Vehicle battery cracking and recycling is a common activity in Peru. Artesenal, backyard smelting is conducted without any minimum safety conditions which means that
workers are continuously inhaling lead gases.
The health problems generated by Peruvian lead and other mines are also very
serious. One dramatic case is the la Oroya mine operated by the Doe Run Company
in the central mountain region. The mine is responsible for very high levels of lead
contamination which have had especially significant effects on children. The local
population has been tested on numerous occasions and high blood lead levels have
been found.
Another problem is caused by the transport of lead through the port of Callao which
doesn’t have a system to secure containment of cargo to avoid volatilization of the
material transported. As with lead contamination from mining, it is the children along
the transportation route that have been reported with elevated blood lead levels,
which can lead to lowered intellectual and developmental capacity.
Zambia Action to Minimize Heavy Metals (Lead and Cadmium) in Dairy Product,
Fertilizer, Paints and Other Foods
Michael Musenga, Environmental Health Officer, Zambia
Since the formation of Common Market for Eastern and Southern Africa (COMESA)
there have been initiatives to increase intra-COMESA trade. One of the initiatives has
been to harmonise standards in various products that are intended to be traded
among member states to facilitate trade. Zambia has been involved in these
harmonization programmes through Zambia Bureau of Standards since 2001.
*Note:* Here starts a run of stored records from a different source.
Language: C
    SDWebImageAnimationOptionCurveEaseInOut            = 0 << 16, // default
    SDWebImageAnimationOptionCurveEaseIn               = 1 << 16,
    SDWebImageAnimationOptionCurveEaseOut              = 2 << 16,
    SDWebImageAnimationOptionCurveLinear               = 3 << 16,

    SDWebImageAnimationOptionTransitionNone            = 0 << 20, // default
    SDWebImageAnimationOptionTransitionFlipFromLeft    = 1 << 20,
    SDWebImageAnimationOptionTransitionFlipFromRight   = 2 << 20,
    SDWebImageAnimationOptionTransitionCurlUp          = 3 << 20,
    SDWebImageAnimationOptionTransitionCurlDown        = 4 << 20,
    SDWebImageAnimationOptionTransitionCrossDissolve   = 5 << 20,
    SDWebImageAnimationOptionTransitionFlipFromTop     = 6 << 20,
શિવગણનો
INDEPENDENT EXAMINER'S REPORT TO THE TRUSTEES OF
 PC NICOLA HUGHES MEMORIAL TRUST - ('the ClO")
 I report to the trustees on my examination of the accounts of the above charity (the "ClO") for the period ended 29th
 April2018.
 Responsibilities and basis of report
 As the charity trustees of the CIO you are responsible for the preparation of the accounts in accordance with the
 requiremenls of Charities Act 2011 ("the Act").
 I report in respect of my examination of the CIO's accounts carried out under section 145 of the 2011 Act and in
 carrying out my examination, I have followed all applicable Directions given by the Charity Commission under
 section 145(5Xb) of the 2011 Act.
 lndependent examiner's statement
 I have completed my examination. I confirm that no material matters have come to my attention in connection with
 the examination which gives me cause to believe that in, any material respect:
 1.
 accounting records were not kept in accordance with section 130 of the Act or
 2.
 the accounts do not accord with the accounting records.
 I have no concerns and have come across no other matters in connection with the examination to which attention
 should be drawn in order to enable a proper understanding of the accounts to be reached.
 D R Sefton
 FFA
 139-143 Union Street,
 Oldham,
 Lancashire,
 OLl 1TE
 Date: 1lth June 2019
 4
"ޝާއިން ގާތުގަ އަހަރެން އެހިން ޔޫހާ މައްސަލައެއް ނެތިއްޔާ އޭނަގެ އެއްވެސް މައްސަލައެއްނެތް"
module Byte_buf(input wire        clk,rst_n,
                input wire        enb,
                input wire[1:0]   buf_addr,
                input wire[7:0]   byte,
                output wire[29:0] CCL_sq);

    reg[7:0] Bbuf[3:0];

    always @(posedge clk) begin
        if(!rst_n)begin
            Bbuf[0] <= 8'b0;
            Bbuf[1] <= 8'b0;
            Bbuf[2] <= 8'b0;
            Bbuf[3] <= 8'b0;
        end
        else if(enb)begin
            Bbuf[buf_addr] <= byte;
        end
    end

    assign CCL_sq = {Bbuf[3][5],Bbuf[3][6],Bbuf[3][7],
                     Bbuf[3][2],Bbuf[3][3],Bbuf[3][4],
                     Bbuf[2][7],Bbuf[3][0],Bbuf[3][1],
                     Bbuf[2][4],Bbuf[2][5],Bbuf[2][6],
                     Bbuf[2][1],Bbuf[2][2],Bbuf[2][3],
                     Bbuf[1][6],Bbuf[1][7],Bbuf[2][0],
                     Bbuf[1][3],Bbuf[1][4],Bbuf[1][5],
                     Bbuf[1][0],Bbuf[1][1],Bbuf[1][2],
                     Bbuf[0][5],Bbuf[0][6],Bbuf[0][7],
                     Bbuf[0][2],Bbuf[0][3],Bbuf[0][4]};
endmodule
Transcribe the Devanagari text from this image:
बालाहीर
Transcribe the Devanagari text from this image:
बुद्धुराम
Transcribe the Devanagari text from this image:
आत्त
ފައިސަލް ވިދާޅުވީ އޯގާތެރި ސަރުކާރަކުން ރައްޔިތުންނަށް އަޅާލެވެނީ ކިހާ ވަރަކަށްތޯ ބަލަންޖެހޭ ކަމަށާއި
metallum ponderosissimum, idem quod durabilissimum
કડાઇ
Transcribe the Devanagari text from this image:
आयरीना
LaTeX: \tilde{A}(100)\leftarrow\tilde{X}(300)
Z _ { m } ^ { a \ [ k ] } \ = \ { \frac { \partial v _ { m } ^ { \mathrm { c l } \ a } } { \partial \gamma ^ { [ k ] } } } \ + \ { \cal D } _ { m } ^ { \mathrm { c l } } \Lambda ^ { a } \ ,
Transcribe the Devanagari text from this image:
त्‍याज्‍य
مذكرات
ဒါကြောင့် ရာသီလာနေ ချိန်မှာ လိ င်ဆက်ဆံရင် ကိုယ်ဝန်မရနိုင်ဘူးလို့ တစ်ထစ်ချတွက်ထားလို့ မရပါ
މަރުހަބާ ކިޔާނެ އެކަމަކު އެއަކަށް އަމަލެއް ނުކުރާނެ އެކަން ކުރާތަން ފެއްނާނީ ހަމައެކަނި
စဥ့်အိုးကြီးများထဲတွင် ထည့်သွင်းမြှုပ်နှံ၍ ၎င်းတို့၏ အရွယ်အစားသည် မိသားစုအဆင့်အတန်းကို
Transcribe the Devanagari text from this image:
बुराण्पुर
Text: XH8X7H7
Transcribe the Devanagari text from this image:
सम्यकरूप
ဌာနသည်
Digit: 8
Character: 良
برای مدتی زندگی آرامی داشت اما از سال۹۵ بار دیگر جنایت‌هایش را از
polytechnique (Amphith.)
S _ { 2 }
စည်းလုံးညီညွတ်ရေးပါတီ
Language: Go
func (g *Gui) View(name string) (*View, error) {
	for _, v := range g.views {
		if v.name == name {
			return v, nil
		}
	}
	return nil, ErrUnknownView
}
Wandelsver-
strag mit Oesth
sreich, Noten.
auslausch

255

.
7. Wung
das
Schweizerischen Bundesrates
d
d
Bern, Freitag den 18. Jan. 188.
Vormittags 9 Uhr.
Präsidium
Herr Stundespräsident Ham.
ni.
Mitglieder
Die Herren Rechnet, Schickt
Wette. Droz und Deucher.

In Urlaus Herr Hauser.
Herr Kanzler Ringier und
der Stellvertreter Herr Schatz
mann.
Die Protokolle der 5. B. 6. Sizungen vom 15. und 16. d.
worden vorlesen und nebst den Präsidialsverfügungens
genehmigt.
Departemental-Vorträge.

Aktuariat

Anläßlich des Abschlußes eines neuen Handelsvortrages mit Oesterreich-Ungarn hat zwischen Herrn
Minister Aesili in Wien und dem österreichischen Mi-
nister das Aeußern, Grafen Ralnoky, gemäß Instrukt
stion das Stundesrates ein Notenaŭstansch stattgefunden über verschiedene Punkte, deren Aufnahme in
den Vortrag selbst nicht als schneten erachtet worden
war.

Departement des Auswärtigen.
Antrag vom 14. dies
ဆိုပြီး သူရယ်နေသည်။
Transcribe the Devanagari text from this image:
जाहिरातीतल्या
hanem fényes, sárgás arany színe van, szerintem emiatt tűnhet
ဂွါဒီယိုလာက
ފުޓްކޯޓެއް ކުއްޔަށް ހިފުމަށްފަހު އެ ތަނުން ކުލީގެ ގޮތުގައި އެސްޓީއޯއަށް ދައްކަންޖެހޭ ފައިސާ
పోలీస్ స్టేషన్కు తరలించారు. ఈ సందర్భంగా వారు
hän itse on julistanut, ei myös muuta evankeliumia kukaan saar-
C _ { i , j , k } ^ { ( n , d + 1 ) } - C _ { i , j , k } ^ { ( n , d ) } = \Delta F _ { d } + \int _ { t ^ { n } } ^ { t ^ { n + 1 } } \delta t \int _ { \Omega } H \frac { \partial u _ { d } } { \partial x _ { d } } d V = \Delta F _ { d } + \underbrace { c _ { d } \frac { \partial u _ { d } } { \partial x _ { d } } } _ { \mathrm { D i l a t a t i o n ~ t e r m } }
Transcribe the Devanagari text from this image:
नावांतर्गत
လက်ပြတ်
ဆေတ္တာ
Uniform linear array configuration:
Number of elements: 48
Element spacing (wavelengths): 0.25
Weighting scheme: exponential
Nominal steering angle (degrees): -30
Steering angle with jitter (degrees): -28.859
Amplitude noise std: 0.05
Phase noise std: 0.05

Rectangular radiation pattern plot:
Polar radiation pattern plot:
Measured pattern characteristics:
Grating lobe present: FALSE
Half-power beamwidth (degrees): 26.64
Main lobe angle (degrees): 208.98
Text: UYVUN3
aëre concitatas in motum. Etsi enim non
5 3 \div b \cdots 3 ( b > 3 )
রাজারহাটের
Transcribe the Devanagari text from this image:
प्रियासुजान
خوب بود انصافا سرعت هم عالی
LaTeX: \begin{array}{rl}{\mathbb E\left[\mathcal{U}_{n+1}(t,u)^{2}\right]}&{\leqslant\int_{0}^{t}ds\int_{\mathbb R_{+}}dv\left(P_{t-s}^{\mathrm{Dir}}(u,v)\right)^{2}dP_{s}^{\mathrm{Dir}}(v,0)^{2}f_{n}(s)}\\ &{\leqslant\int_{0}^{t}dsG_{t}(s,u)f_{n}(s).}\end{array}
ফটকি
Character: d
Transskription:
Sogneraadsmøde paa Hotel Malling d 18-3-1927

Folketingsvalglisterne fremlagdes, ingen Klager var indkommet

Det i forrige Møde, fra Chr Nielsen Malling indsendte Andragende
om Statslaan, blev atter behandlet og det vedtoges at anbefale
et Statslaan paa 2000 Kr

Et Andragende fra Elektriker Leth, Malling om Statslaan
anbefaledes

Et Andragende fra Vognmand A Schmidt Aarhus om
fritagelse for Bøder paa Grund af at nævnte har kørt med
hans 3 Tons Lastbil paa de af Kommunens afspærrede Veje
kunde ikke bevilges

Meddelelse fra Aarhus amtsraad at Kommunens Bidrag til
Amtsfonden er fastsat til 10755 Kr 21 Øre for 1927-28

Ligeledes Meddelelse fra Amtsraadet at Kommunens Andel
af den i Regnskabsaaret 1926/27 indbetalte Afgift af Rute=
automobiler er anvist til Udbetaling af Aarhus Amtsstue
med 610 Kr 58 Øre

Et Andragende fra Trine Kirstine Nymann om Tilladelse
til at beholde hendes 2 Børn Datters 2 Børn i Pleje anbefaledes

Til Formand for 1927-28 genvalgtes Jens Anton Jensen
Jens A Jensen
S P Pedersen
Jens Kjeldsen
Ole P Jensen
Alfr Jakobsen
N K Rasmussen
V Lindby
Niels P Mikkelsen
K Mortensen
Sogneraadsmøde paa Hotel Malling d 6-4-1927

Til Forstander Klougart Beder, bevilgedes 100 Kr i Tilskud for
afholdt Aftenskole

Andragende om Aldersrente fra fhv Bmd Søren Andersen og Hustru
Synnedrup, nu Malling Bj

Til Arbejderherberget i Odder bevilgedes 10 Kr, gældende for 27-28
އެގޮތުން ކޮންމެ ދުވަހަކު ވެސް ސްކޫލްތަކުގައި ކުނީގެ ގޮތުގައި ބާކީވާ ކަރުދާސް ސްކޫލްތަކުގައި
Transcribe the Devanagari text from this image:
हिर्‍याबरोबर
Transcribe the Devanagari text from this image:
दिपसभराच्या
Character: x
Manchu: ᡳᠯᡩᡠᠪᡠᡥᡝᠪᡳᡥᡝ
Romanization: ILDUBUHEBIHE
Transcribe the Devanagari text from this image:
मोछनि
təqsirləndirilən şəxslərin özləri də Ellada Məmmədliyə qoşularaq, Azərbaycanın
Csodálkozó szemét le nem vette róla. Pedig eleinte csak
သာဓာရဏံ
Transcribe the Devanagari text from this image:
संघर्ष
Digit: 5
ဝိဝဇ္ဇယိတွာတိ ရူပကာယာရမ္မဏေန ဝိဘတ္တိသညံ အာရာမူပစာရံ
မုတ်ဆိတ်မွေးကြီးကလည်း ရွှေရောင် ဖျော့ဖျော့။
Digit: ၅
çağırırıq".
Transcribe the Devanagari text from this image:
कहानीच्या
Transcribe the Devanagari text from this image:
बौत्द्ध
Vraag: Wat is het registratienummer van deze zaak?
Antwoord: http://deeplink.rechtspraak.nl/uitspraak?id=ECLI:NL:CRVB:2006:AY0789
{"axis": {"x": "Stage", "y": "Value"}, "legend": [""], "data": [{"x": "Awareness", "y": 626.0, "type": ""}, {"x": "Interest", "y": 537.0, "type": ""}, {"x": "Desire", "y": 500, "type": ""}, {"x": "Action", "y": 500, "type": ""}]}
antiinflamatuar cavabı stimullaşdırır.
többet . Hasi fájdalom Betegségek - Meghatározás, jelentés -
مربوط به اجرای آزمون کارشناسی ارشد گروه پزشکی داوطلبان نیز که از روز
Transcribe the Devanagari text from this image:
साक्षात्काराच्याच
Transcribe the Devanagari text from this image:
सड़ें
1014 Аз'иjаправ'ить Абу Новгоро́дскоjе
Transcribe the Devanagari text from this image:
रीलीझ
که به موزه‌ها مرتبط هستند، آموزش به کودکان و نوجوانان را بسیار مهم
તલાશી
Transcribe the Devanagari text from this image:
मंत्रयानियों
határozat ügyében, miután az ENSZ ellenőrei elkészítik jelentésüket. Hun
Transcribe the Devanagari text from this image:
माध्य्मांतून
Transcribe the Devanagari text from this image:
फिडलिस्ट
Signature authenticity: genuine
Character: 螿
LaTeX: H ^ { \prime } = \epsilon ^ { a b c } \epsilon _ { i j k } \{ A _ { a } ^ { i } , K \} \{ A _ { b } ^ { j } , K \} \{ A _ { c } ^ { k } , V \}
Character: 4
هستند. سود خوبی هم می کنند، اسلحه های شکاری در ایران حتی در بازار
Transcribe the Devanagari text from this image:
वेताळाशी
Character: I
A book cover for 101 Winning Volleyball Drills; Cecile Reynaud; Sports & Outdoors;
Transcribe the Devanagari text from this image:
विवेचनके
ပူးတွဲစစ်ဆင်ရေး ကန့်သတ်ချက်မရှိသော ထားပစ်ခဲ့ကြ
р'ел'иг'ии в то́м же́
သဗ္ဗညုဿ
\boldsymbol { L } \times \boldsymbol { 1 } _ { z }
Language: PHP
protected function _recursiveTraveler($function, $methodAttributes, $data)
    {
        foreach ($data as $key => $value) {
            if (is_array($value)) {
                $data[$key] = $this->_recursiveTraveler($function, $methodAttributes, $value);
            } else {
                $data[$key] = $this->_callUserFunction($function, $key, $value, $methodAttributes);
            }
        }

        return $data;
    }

Zambia Bureau of Standards is a statutory organisation under Ministry of Commerce,
Trade and Industry of the Government Republic of Zambia, established by an Act of
Parliament (Standards Act Cap 416 of the Laws of Zambia) and it is responsible for
preparation and promulgation of Zambian Standards. Member states have seen the
need for international action to build capacity of the relevant institutions, including
legal enforcement, if implementation of these standards has to be effective. Hence
this presentation looks at one of the most important issues which came out during the
standards harmonization process which discussed the issue of building consensus
among the stakeholders on levels acceptable at regional level which would ensure
dairy products being traded among member states were safe with respect to heavy
metal contamination such as lead and cadmium and the phasing out of leaded fuel
by replacing it with lead replacement fuel standard (ZS 716: 2007).